The vendor
I have killed my wife and cut her rather crudely into small pieces, which I have wrapped hastily in paper bundles. The whole of her fits in a cardboard box, which is still relatively easy to handle.
My only hope is for someone to make her into wine or alcohol. I go to the distillery. I walk without knocking into a room where there are three women in overalls. Two are sitting down, the third is standing near a waist-high double door (like a saloon door).
Either I address them with a wink, like we know one another, or I call out, flatly, something like:
“I have 50 kilos of quality meat!”
The young woman who was standing brings me into a tiny room, where she begins to examine my merchandise. My package has all the necessary labels, but the young woman claims that the firm I represent is not an approved client of her Company and that I’m going to have a hard time closing the deal.
As a sample, I take a series of small bottles from the package.
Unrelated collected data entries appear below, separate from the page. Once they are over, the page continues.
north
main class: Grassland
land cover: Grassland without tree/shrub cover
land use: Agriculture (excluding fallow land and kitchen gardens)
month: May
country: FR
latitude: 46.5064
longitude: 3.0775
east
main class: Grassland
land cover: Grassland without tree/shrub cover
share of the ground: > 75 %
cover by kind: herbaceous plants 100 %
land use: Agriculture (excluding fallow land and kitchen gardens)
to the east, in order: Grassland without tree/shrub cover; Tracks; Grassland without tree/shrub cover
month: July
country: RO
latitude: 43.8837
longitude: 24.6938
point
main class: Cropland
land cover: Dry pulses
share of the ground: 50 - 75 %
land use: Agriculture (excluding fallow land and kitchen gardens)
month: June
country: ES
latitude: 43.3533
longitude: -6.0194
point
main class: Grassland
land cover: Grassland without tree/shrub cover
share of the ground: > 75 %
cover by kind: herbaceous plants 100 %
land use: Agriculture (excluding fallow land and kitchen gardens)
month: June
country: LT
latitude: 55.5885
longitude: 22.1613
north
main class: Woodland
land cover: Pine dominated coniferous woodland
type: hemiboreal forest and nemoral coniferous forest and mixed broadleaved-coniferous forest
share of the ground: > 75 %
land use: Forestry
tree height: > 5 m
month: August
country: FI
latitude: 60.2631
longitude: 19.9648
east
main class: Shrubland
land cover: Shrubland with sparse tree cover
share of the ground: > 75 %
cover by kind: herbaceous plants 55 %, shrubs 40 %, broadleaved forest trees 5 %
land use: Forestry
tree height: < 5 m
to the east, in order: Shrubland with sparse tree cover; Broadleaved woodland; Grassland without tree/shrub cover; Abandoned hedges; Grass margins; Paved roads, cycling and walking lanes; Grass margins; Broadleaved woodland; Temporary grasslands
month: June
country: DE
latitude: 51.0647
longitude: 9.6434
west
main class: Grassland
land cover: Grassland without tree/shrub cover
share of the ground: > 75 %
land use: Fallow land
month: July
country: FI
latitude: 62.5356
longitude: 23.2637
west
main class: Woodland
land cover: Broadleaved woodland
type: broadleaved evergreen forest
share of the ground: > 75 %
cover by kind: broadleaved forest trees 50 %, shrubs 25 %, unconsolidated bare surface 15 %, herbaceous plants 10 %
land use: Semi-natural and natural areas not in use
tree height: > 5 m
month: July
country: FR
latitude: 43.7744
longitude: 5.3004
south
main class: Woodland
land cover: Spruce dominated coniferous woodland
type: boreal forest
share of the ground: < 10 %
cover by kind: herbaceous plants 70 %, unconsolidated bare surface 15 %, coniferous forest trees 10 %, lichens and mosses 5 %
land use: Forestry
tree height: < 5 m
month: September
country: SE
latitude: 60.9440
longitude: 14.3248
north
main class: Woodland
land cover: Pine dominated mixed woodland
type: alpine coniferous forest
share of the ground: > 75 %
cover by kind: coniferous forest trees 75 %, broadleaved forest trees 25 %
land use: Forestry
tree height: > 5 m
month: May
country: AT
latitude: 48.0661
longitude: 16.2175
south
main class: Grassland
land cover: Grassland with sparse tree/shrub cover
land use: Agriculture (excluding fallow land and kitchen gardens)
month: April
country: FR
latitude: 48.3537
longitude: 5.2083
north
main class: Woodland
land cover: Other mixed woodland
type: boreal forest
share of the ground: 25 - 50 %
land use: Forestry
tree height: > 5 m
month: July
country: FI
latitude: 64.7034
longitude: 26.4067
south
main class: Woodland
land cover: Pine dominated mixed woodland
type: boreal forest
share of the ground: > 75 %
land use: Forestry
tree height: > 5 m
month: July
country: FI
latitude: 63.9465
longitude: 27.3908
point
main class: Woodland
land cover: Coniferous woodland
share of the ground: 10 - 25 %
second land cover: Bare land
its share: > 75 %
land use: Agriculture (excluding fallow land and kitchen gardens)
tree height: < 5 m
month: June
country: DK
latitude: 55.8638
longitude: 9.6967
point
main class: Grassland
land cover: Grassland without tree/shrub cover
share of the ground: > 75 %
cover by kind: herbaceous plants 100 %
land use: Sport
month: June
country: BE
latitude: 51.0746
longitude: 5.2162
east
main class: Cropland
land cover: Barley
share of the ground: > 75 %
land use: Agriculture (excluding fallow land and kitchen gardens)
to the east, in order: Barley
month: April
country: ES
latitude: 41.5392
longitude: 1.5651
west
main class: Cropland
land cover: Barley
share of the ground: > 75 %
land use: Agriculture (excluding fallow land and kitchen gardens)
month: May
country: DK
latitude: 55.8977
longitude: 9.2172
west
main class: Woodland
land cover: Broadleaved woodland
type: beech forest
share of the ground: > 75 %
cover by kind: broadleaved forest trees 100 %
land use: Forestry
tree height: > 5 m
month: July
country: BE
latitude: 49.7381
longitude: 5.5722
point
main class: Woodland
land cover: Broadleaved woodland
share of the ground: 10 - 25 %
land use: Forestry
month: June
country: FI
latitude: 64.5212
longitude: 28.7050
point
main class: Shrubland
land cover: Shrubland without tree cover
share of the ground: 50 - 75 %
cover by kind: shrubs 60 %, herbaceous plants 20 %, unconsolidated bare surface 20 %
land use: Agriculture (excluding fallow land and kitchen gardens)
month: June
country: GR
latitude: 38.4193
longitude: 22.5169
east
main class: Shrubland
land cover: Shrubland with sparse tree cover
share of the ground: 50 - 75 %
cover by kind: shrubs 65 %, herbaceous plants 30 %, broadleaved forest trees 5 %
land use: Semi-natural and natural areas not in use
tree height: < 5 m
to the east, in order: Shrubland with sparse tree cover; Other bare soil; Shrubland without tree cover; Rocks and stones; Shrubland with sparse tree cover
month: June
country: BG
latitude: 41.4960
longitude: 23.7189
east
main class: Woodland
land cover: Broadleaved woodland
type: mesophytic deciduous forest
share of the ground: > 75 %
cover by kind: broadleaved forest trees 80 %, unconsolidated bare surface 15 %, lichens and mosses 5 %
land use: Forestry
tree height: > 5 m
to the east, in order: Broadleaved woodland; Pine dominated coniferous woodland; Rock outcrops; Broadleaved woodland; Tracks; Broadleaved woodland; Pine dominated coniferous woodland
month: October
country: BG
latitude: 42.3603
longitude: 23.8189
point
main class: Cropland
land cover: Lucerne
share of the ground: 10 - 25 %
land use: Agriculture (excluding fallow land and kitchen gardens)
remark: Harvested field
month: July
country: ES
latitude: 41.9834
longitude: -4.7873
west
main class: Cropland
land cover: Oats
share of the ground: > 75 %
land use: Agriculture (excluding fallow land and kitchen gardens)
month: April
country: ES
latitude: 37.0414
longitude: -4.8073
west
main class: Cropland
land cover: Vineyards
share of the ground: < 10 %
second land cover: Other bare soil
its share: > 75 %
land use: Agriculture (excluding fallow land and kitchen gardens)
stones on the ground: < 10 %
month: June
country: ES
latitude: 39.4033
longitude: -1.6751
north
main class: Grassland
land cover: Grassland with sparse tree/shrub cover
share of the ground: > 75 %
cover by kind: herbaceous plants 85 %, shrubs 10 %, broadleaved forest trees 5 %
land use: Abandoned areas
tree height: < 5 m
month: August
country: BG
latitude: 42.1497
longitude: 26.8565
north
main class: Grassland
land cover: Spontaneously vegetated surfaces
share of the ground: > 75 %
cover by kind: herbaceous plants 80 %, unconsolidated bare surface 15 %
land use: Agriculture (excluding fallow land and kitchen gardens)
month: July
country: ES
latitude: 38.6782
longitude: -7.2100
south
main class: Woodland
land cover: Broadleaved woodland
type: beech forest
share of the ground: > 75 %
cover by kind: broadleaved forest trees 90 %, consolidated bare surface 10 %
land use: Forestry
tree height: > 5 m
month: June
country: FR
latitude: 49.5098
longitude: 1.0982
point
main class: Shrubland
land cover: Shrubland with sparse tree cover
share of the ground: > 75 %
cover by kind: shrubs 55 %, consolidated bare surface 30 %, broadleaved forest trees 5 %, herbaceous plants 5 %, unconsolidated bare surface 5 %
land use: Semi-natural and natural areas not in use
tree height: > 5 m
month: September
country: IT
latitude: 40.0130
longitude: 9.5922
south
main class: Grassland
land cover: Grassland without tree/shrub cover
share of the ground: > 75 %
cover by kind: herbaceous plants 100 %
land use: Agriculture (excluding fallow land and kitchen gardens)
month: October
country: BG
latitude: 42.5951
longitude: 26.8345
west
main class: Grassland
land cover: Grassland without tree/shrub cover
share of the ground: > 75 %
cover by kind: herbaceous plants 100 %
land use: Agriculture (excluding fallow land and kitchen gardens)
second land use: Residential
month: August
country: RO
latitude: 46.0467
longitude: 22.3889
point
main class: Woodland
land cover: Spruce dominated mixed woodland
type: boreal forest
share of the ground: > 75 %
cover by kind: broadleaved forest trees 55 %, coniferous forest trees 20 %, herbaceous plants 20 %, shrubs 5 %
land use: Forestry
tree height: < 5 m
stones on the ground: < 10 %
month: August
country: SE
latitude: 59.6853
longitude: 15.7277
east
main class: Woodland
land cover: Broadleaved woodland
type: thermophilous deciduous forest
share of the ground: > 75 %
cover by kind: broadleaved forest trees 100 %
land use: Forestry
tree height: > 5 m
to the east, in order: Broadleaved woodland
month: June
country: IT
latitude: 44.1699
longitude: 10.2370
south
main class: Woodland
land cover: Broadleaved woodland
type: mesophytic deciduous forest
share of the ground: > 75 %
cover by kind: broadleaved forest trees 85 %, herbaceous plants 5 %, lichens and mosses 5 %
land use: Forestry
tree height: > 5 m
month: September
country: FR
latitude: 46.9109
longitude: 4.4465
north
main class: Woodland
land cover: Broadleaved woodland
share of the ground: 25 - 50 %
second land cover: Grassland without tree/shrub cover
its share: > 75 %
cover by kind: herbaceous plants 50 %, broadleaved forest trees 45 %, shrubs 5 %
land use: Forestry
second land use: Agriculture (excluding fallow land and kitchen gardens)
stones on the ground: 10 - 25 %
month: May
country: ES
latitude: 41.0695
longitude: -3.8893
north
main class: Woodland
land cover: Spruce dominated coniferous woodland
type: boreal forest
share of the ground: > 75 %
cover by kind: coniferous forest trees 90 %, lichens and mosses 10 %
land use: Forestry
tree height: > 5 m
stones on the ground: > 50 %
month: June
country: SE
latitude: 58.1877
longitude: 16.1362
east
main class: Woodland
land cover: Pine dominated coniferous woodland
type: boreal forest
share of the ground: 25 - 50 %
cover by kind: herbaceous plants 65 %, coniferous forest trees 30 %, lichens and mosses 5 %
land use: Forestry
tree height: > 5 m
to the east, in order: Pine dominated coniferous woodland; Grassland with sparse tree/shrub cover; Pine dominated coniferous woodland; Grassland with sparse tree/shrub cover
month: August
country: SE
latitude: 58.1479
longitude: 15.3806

This should be no more than a simple formality, but, to my great confusion, there are more and more bottles: red wine, white wine, rosé, all sorts of liquor, even a pitcher of water — tiny, but full and above all uncorked: you could dip a finger in without making it overflow, which strikes me as an indubitable experimental demonstration of osmosis or of capillarity.
All the demonstration proves useless: a man comes out from the office next door and tells me this will end badly for me if they don’t find my name in their files.